【 閑仁耕筆 】 海外放浪生活・彷徨の末 日々之好日/ 涯 如水《壺公》

古都、薬を売る老翁(壷公)がいた。翁は日暮に壺の中に躍り入る。壺の中は天地、日月があり、宮殿・楼閣は荘厳であった・・・・

未知なる深海へ 高井 研 =080=

2018-08-25 06:12:43 | 浪漫紀行・漫遊之譜

〇◎ 私が知りたいのは、地球の生命の限界です” ◎〇

= 海洋研究開発機構(JAMSTEC)及びナショナルジオグラフィック記載文より転載・補講 =

 青春を深海に掛けて=高井研=  

 第5話  地球微生物学よこんにちは 

◇◆  海底下生命、そらウチでもやらなあかんやろ! =3/3=  ◆◇

1999年の春、ボクと妻は、西部劇映画でよく見るような、砂漠の風で道をコロコロ転がるトゲトゲ草が本当にコロコロしている町、「殺伐」としているのに「豊穣」と名付けられた皮肉ばっちりの町、リッチランドにやってきた。

一気に話をまとめてしまうと、ボクはその砂漠の研究所で、深海熱水で鍛えた分子生態学的研究手法や微生物ハンティング技を使って、ニューメキシコ州のジュラ紀から白亜紀にかけての堆積層中の地下水微生物群集や南アフリカの超深部金鉱環境の微生物群集の研究をドシドシ進めた。そしてアメリカ人がびっくりするくらいの早業で、1年の滞在期間中に3報の論文を書いた。

実は、このパシフィックノースウエスト国立研究所での1年間の滞在は、博士課程1年生の時留学したワシントン大学海洋学部でボクが感じたキラキラした青春の心象や想い出といった、ココロの内面に届く大きな影響のようなモノをほとんど感じることはなかった。

おそらくそれは、研究者の卵である学生として留学した前回とプロフェッショナルな研究者として滞在した今回では、ボクの立場が大きく違っていることが影響しているのだろう。また、文化レベルの高くない砂漠の田舎街が、雅のシチーボーイだったボクのココロのヒダヒダに訴えるものではなかったことも事実だった。

確かにこのパシフィックノースウエスト国立研究所での1年間の研究生活は、人間タカイケンには大きな影響を与えなかったかもしれない。

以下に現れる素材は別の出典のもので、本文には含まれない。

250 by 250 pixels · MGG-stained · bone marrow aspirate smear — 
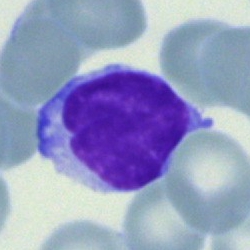 Classification — typical lymphocyte.
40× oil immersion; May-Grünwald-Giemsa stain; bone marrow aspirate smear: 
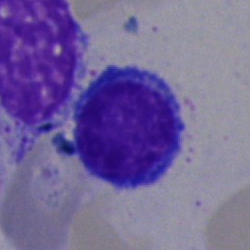 Morphology → typical lymphocyte.
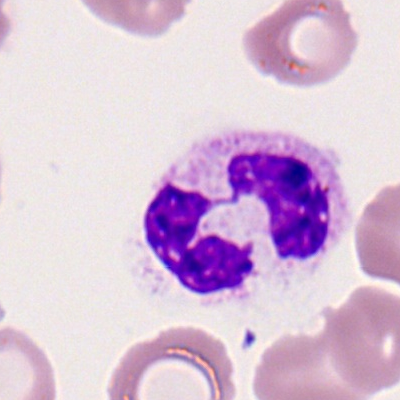 Morphology consistent with a segmented neutrophil.
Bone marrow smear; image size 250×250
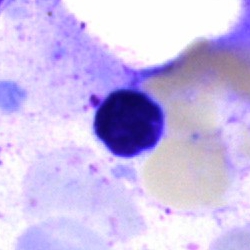

Q: Identify the cell.
A: Cell of indeterminate lineage.
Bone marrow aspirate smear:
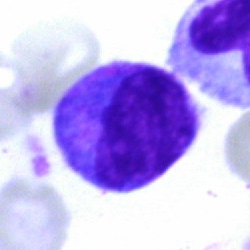Showing a typical lymphocyte.
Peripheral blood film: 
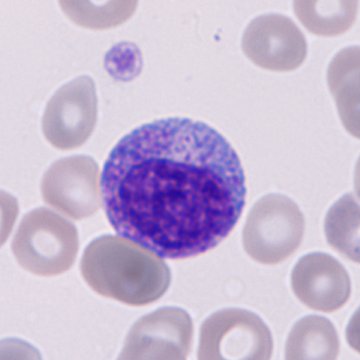
Single cell identified as an immature granulocyte.
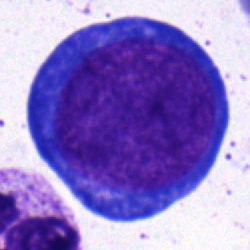Bone marrow smear showing a proerythroblast.
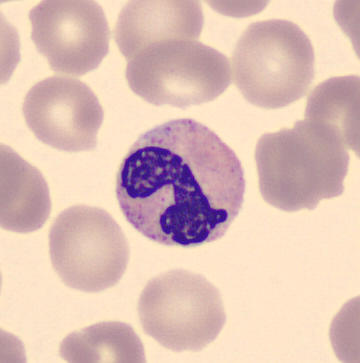
Q: What cell is this?
A: A band neutrophil.
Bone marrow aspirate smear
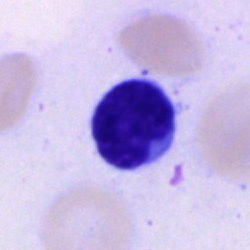Cell type: typical lymphocyte.
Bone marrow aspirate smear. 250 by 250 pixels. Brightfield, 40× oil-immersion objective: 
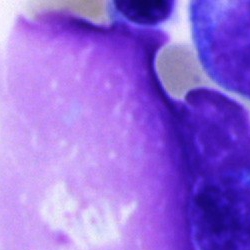

The cell shown is an artifact.
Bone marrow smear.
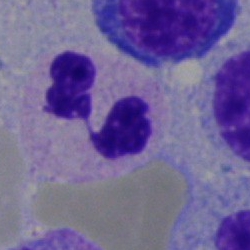Specimen: bone marrow aspirate smear.
Cell type: polymorphonuclear neutrophil.
Lineage: myeloid.
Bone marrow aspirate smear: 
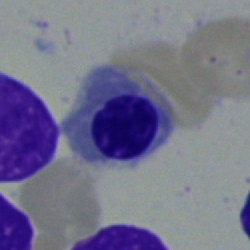 A nucleated red cell.
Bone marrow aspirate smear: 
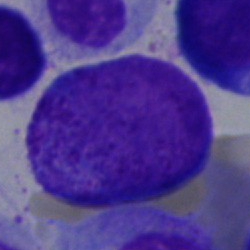 Progranulocyte.
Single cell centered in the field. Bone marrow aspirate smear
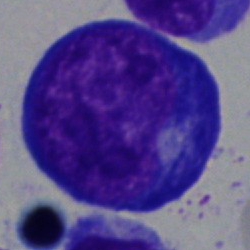Q: Identify the cell.
A: A pronormoblast.
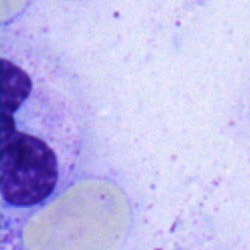
Single-cell crop from a bone marrow smear: band neutrophil.
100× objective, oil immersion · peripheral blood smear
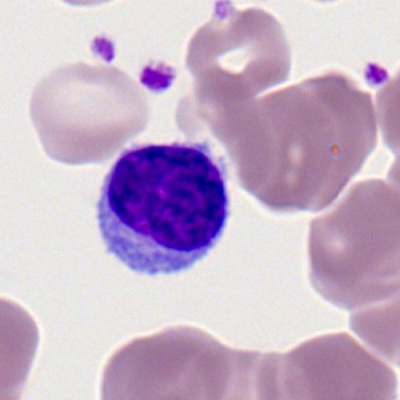

The classification is lymphocyte.
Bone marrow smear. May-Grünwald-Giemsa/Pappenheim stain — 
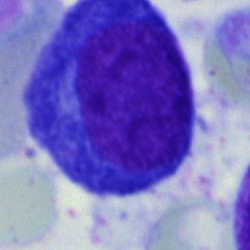
Morphology → pronormoblast.
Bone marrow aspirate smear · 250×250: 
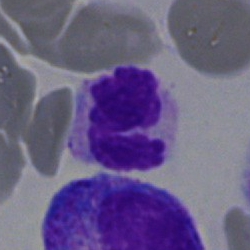 Morphology — polymorphonuclear neutrophil.
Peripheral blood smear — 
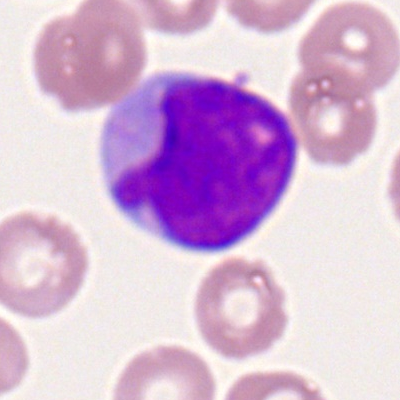 Q: What type of cell is this?
A: A myeloblast.
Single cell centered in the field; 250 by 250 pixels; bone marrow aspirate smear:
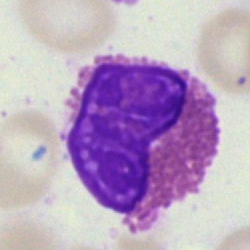

Morphology consistent with an eosinophilic granulocyte.
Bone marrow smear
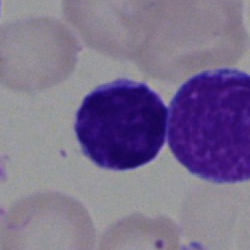 Specimen: bone marrow aspirate smear.
Classification: typical lymphocyte.
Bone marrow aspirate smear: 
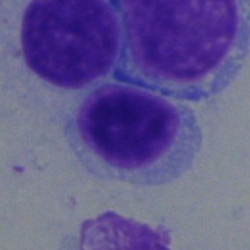The morphological class is typical lymphocyte.
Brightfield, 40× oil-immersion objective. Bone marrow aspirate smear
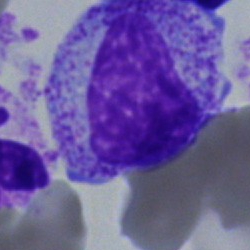 This is a myelocyte.
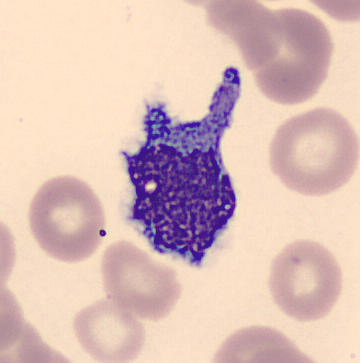 Peripheral blood smear.

Classification: monocyte.
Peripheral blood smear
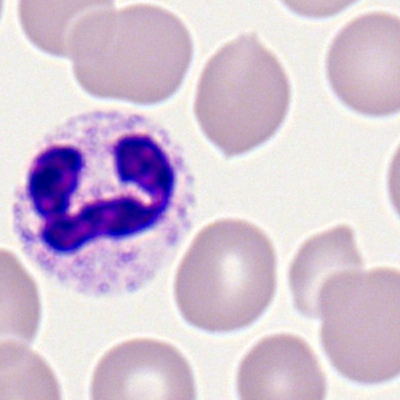

Specimen: peripheral blood smear.
Classification: neutrophil (segmented).
Lineage: myeloid.
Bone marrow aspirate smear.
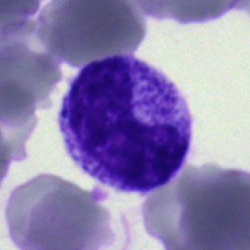

Metamyelocyte.
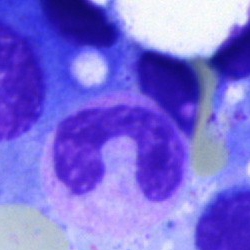Specimen: bone marrow smear.
Morphological class: band-form neutrophil.
Lineage: myeloid.
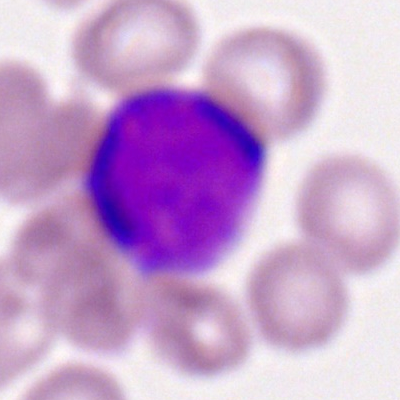

Myeloid blast.
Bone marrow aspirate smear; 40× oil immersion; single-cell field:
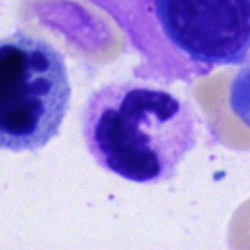
Q: What is shown here?
A: It is a segmented neutrophil.
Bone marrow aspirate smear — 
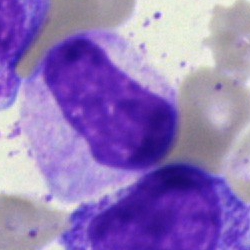
Q: What is the morphological classification of this cell?
A: A metamyelocyte.
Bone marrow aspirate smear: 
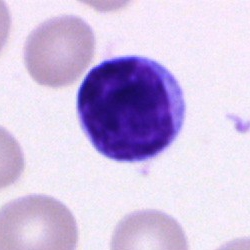 This is a lymphocyte.
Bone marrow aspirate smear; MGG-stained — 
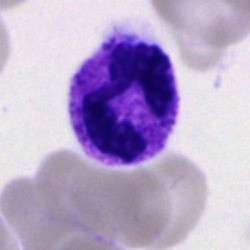
Q: What cell is this?
A: This is a polymorphonuclear neutrophil.
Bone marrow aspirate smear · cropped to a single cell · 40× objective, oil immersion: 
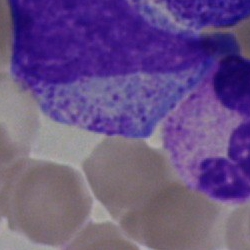

Morphology consistent with a cell of indeterminate lineage.
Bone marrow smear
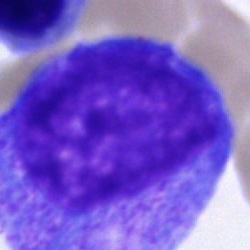

The cell is progranulocyte.
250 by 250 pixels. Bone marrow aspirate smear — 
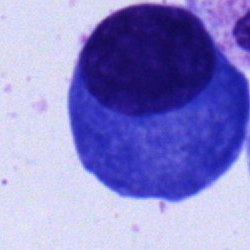 Morphology consistent with a plasma cell.
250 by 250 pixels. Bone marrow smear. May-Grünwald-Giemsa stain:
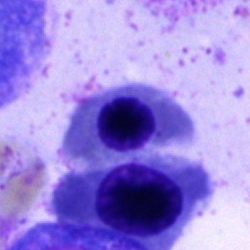 Classification: normoblast.
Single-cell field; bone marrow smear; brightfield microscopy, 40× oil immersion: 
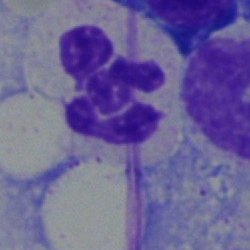

Morphology consistent with a polymorphonuclear neutrophil.
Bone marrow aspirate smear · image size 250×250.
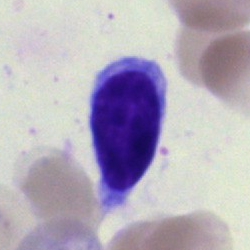

The cell is lymphocyte.
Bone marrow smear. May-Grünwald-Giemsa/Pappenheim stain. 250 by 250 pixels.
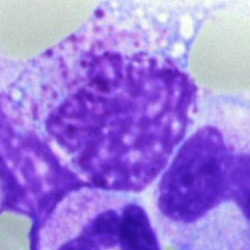Cell — artifact.
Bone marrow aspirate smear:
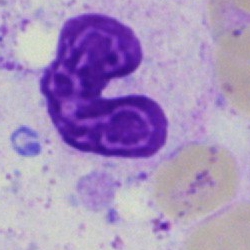
The cell shown is an artefact.
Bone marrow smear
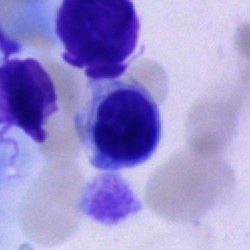
Specimen: bone marrow smear.
Cell: cell of indeterminate lineage.
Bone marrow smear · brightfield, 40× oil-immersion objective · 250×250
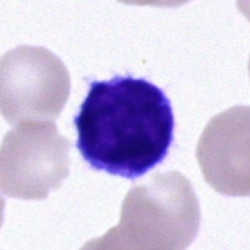Morphology → typical lymphocyte.
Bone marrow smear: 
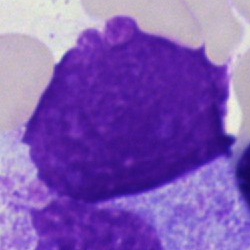

Showing an artefact.
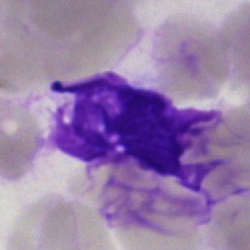
Impression → artefact.
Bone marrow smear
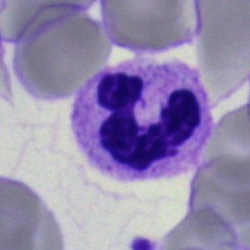This is a segmented neutrophil.
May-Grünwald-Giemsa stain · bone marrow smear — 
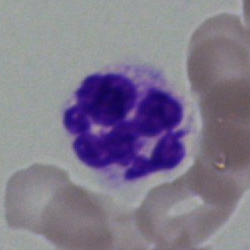Q: What is the morphological classification of this cell?
A: A polymorphonuclear neutrophil.
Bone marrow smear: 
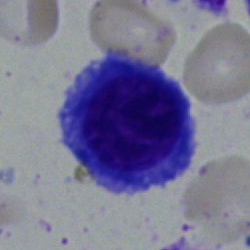Showing an erythroblast.
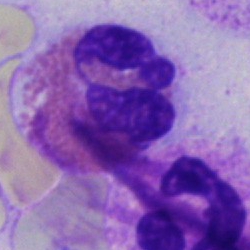Bone marrow smear showing an eosinophil.
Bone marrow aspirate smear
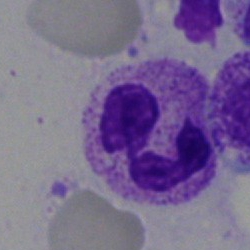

でもパシフィックノースウエスト国立研究所での研究生活は、それまで「深海熱水などの極限環境における微生物やその生態」の研究のみに囚われていたボクが、より大きな研究観や視野を開花させるキッカケとなった。つまり、現時点の局所的な環境―微生物の相互作用ではなく、地質学的時間スケールと地球規模での空間スケールの流れの中で環境―微生物の相互作用を見られるようになったんだ。

言ってみれば、それまでのボクはある意味、由緒正しい「伝統と格式の微生物学」の学徒に過ぎなかった。それが、このパシフィックノースウエスト国立研究所での研究生活を通じて、歓楽街によくある「花嫁大学」みたいな名前のお店のようにイカガワシさ満載だけど、「地球微生物学」というなんとなく魅力的なエネルギーに満ちあふれた新しい研究分野の虜になったような気がするんだ。

虜になった理由は、ここでの研究がすべて、多彩な研究分野が連携して取り組む学際研究プロジェクトだったこと、大きな時間・空間スケールを持った対象にアプローチしていたこと、鍵となる地下の水循環などのメカニズムが想像力を大いに必要としたこと、そしてそれぞれの分野の研究者が互いの専門領域に深く踏み込んで議論を行うことが当たり前だったこと、かもしれない。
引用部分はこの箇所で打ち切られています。